Embora a Sérvia assemelhe-se à Alemanha no ritmo de jogo, Yvonne Anderson traz um diferencial importante. A distribuição de arremessos entre as duas seleções que buscarão a vaga em Belém, tomando o europeu como parâmetro, diverge bastante: a Alemanha privilegia os arremessos de três, enquanto a Sérvia chuta muito pouco dessa distância (exceção a duas alas, Nogic e Sasa Cadjo), compensando pelo número de lances livres. Tampouco deve ser eficaz pressionar a bola contra as sérvias, que contam com armadoras capazes de segurar a bola e manter o drible vivo enquanto as demais se movimentam.
Apesar da importância de Yvonne Anderson, não reduzamos a Sérvia a apenas uma jogadora. Seu elenco possui poucas protagonistas em seus clubes, entretanto a maioria tem rodagem e experiência nas competições de maior nível na Europa. Todas com características bem definidas, capazes de preencher funções em um plano de jogo. Nogic é uma ala pouco explosiva, mas com muito recurso no pick and roll e no chute de média e longa distância; ela normalmente exerce a função de segunda pontuadora na seleção, desafogando a armadora principal.
A pivô Tina Krajisnik (32 anos e 1,90m) luta incessantemente por espaço próxima à cesta, além de ótima bloqueadora; atenção para os ganchos e ângulos de finalização, muito plásticos. Maljkovic explora o potencial da pivô em jogar de costas pra cesta. A outra pivô, Dragana Stankovic (28 anos e 1,95m), produz menos em isolamento, preferindo o jogo em dupla, além de trazer mais envergadura e proteção de aro. Nas alas, destaque para Aleksandra Crvendakic (27 anos e 1,87m), outra a usar muito bem o jogo no poste baixo e produzir em todos os aspectos do jogo.
A luta da Sérvia é para se manter na elite mundial e conta com histórico recente, padrão tático definido e assimilado pelo elenco, além da experiência.

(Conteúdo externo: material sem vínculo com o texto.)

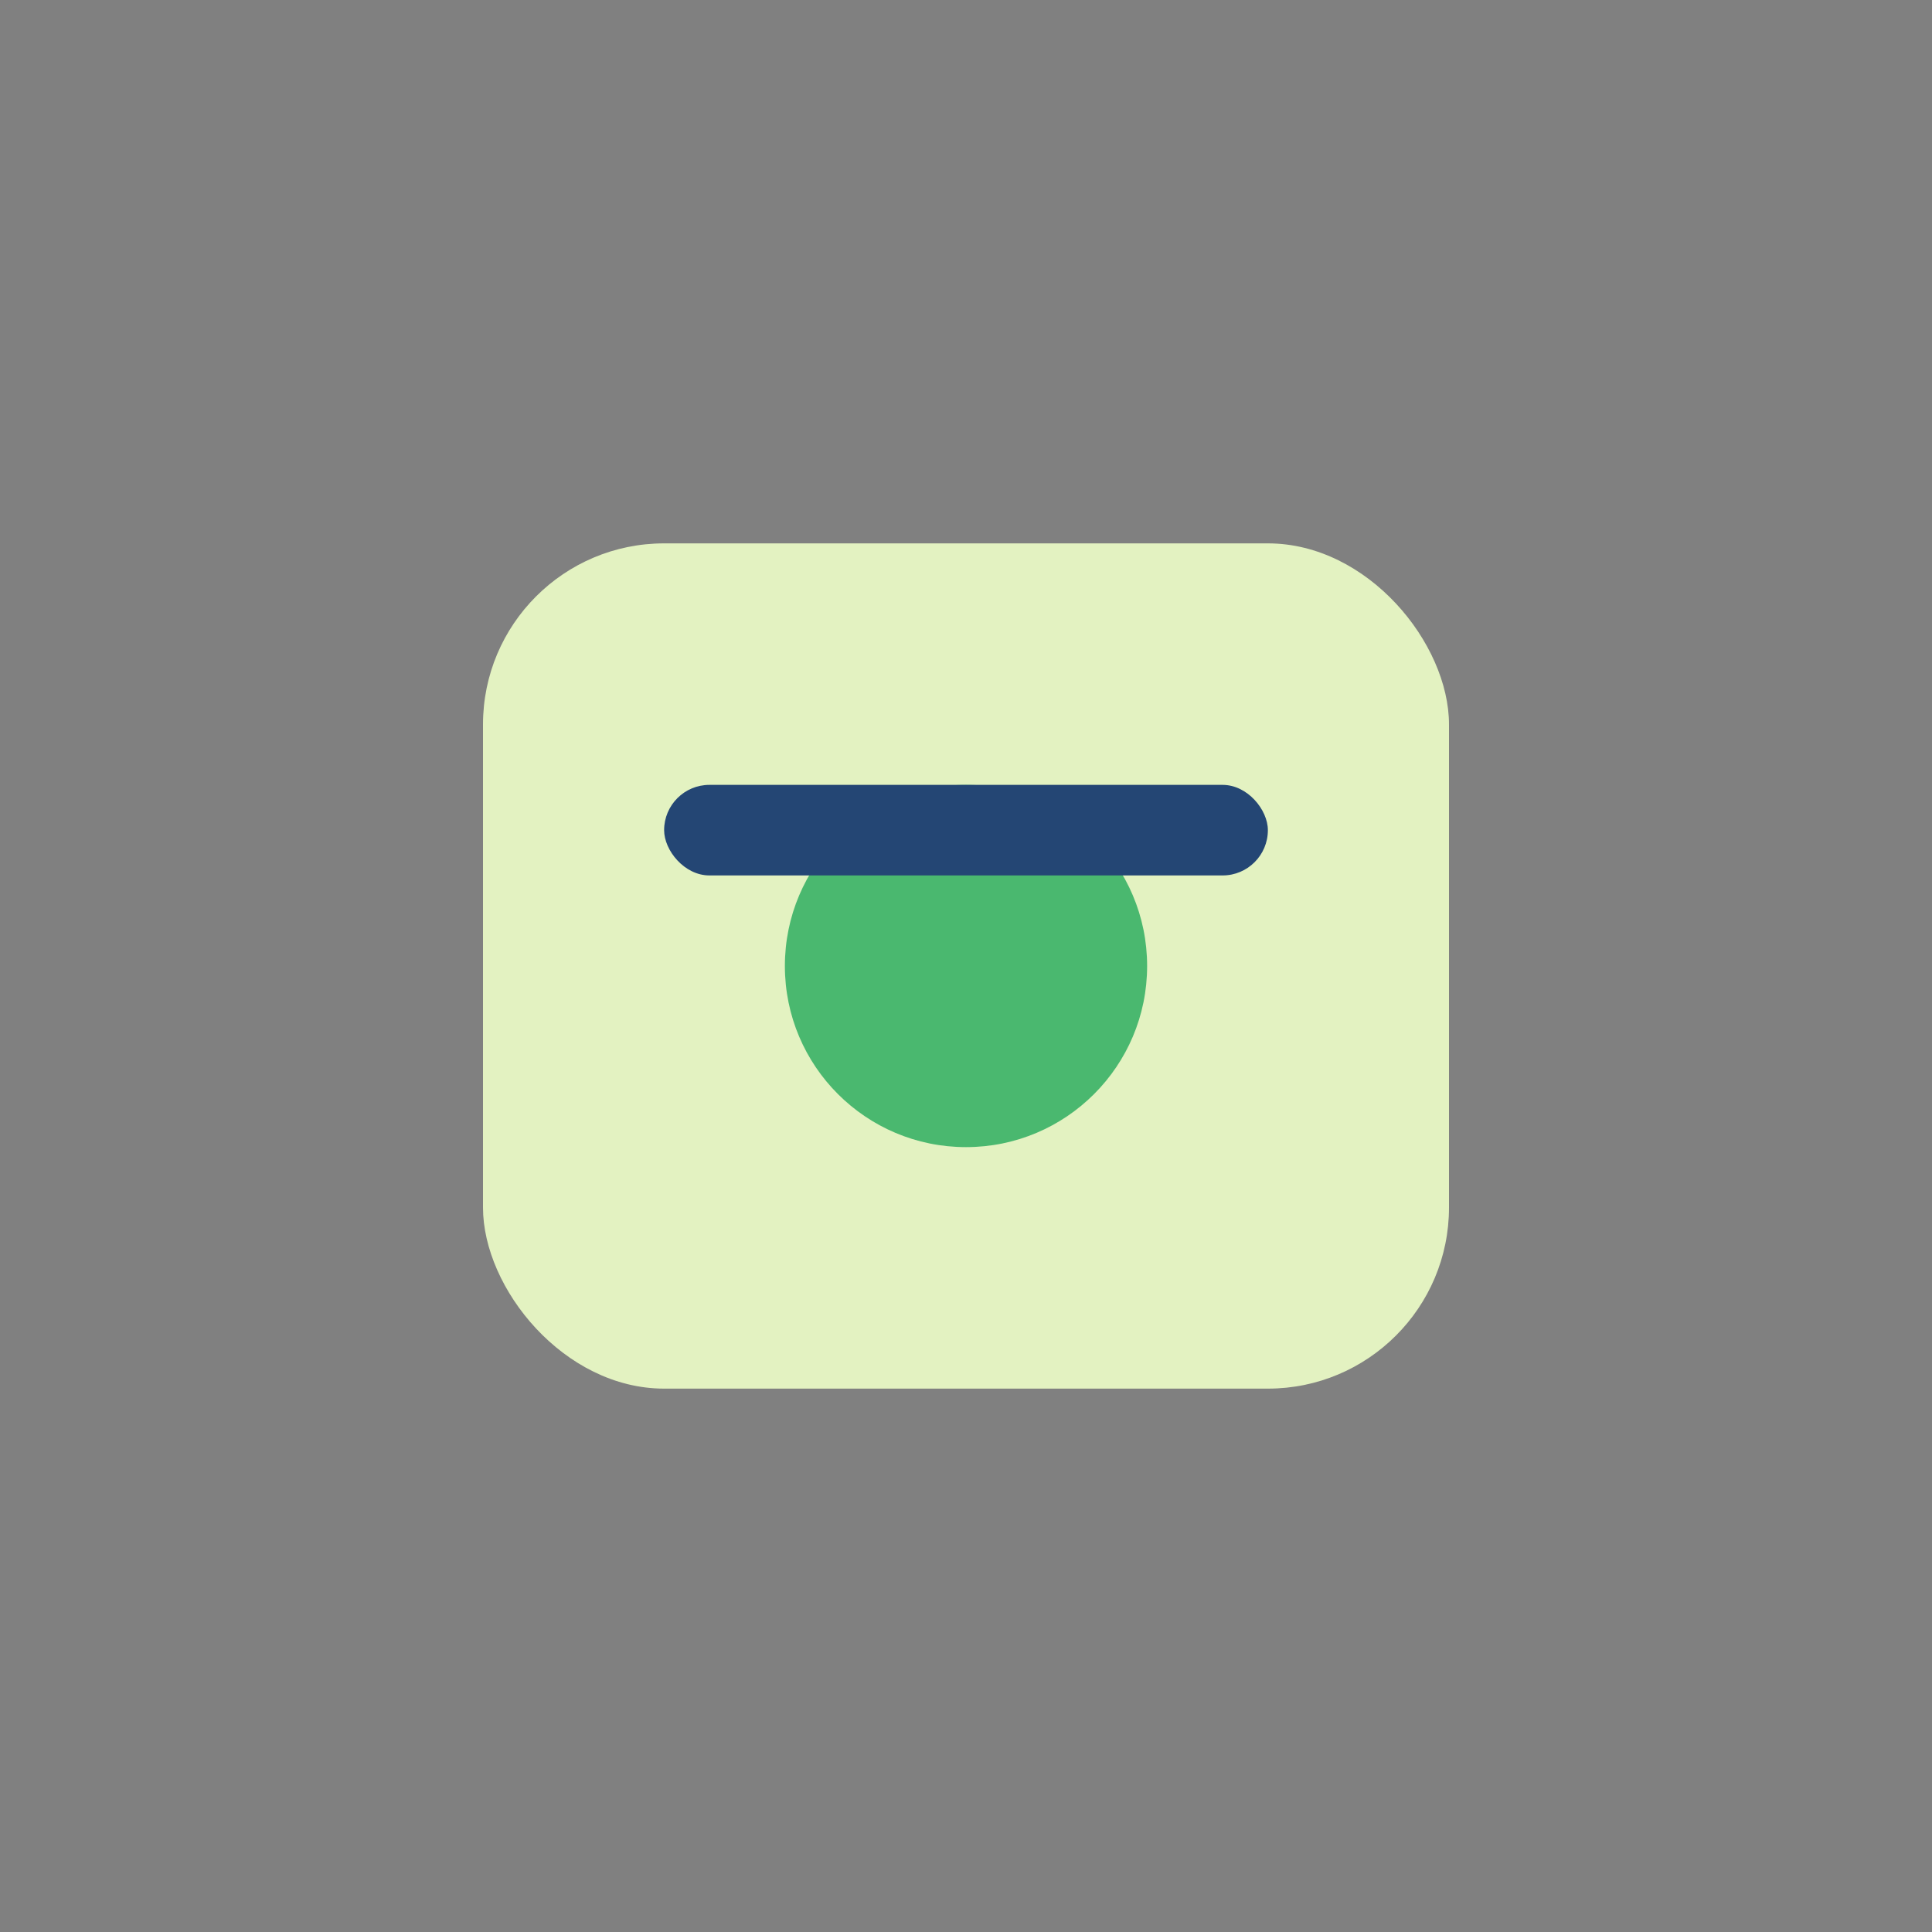 <?xml version="1.0" encoding="UTF-8"?>
<svg xmlns="http://www.w3.org/2000/svg" width="32" height="32" viewBox="0 0 32 32"><rect x="0" y="0" width="32" height="32" fill="#808080" stroke="none"/><rect x="8" y="9" width="16" height="14" rx="3" fill="#E3F2C1"/><circle cx="16" cy="16" r="3" fill="#4AB86F"/><rect x="11" y="13" width="10" height="1.5" rx=".75" fill="#244674"/></svg>

A geração atual caiu um degrau, porém carrega toda a ascensão vista na última década, que abriu portas nos principais clubes europeus. Sua técnica figura entre as principais da atualidade e ela manteve a seleção no prumo enquanto trocava de geração.
A Sérvia construiu seu portefólio e merece o status de favorita a conquistar a vaga em Paris (em um grupo com Alemanha e Brasil). Porém, a queda dos talentos individuais disponíveis ao ajeitado padrão tático pode trazer surpresas desagradáveis, resultados ainda não vistos na atual fase da seleção, pós Tóquio. Em geral, a seleção tem vencido os confrontos equilibrados e saído derrotada, sem contestação, para as seleções mais fortes. Com esse elenco, a Sérvia atingiu um patamar mediano nas competições mundiais – e para assegurar esse lugar, precisará ultrapassar o difícil quadrangular qualificatório para Paris.